# WORK TO COMPLETE:
The complete listing should be transcribed precisely.

# RECORDS SHOWN:
_ _ _ _ _ _ _
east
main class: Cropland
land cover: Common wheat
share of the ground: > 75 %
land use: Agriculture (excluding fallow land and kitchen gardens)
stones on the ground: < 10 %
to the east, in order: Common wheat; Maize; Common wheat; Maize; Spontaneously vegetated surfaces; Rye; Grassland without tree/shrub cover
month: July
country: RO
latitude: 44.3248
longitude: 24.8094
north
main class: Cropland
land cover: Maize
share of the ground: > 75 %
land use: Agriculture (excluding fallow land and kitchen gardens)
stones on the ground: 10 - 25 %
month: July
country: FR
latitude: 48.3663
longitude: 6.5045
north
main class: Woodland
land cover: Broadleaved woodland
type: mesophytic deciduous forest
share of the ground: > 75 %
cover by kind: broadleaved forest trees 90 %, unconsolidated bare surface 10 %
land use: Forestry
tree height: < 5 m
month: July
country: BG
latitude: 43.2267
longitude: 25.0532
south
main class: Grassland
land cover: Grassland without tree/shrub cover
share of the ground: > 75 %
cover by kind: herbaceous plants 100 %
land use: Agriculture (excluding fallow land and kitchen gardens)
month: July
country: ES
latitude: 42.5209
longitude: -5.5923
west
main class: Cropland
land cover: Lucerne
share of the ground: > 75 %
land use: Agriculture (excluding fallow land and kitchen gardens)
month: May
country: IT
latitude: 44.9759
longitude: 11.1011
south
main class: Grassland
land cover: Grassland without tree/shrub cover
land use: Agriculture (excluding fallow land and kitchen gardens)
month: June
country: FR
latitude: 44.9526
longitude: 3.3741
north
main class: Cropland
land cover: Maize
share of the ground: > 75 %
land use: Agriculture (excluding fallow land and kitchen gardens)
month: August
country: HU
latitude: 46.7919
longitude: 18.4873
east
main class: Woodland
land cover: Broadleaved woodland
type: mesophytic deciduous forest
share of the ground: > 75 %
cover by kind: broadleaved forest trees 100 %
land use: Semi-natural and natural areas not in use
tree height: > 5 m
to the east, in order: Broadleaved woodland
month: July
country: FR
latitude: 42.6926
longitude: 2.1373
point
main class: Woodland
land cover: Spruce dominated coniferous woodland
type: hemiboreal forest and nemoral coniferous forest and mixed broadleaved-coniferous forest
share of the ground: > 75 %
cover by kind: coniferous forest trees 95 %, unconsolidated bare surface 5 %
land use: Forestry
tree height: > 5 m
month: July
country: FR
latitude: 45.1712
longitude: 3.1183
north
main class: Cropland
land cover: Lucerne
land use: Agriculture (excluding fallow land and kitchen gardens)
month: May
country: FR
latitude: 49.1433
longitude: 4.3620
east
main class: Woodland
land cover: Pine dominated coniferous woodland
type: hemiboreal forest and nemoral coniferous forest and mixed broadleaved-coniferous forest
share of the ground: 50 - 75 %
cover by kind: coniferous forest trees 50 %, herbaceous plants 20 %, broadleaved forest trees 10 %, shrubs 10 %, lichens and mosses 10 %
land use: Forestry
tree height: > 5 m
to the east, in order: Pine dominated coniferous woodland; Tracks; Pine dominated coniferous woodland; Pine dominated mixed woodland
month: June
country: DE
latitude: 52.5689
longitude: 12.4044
_ _ _ _ _ _ _
# RESPONSE AREA:
east
main class: Cropland
land cover: Common wheat
share of the ground: > 75 %
land use: Agriculture (excluding fallow land and kitchen gardens)
stones on the ground: < 10 %
to the east, in order: Common wheat; Maize; Common wheat; Maize; Spontaneously vegetated surfaces; Rye; Grassland without tree/shrub cover
month: July
country: RO
latitude: 44.3248
longitude: 24.8094
north
main class: Cropland
land cover: Maize
share of the ground: > 75 %
land use: Agriculture (excluding fallow land and kitchen gardens)
stones on the ground: 10 - 25 %
month: July
country: FR
latitude: 48.3663
longitude: 6.5045
north
main class: Woodland
land cover: Broadleaved woodland
type: mesophytic deciduous forest
share of the ground: > 75 %
cover by kind: broadleaved forest trees 90 %, unconsolidated bare surface 10 %
land use: Forestry
tree height: < 5 m
month: July
country: BG
latitude: 43.2267
longitude: 25.0532
south
main class: Grassland
land cover: Grassland without tree/shrub cover
share of the ground: > 75 %
cover by kind: herbaceous plants 100 %
land use: Agriculture (excluding fallow land and kitchen gardens)
month: July
country: ES
latitude: 42.5209
longitude: -5.5923
west
main class: Cropland
land cover: Lucerne
share of the ground: > 75 %
land use: Agriculture (excluding fallow land and kitchen gardens)
month: May
country: IT
latitude: 44.9759
longitude: 11.1011
south
main class: Grassland
land cover: Grassland without tree/shrub cover
land use: Agriculture (excluding fallow land and kitchen gardens)
month: June
country: FR
latitude: 44.9526
longitude: 3.3741
north
main class: Cropland
land cover: Maize
share of the ground: > 75 %
land use: Agriculture (excluding fallow land and kitchen gardens)
month: August
country: HU
latitude: 46.7919
longitude: 18.4873
east
main class: Woodland
land cover: Broadleaved woodland
type: mesophytic deciduous forest
share of the ground: > 75 %
cover by kind: broadleaved forest trees 100 %
land use: Semi-natural and natural areas not in use
tree height: > 5 m
to the east, in order: Broadleaved woodland
month: July
country: FR
latitude: 42.6926
longitude: 2.1373
point
main class: Woodland
land cover: Spruce dominated coniferous woodland
type: hemiboreal forest and nemoral coniferous forest and mixed broadleaved-coniferous forest
share of the ground: > 75 %
cover by kind: coniferous forest trees 95 %, unconsolidated bare surface 5 %
land use: Forestry
tree height: > 5 m
month: July
country: FR
latitude: 45.1712
longitude: 3.1183
north
main class: Cropland
land cover: Lucerne
land use: Agriculture (excluding fallow land and kitchen gardens)
month: May
country: FR
latitude: 49.1433
longitude: 4.3620
east
main class: Woodland
land cover: Pine dominated coniferous woodland
type: hemiboreal forest and nemoral coniferous forest and mixed broadleaved-coniferous forest
share of the ground: 50 - 75 %
cover by kind: coniferous forest trees 50 %, herbaceous plants 20 %, broadleaved forest trees 10 %, shrubs 10 %, lichens and mosses 10 %
land use: Forestry
tree height: > 5 m
to the east, in order: Pine dominated coniferous woodland; Tracks; Pine dominated coniferous woodland; Pine dominated mixed woodland
month: June
country: DE
latitude: 52.5689
longitude: 12.4044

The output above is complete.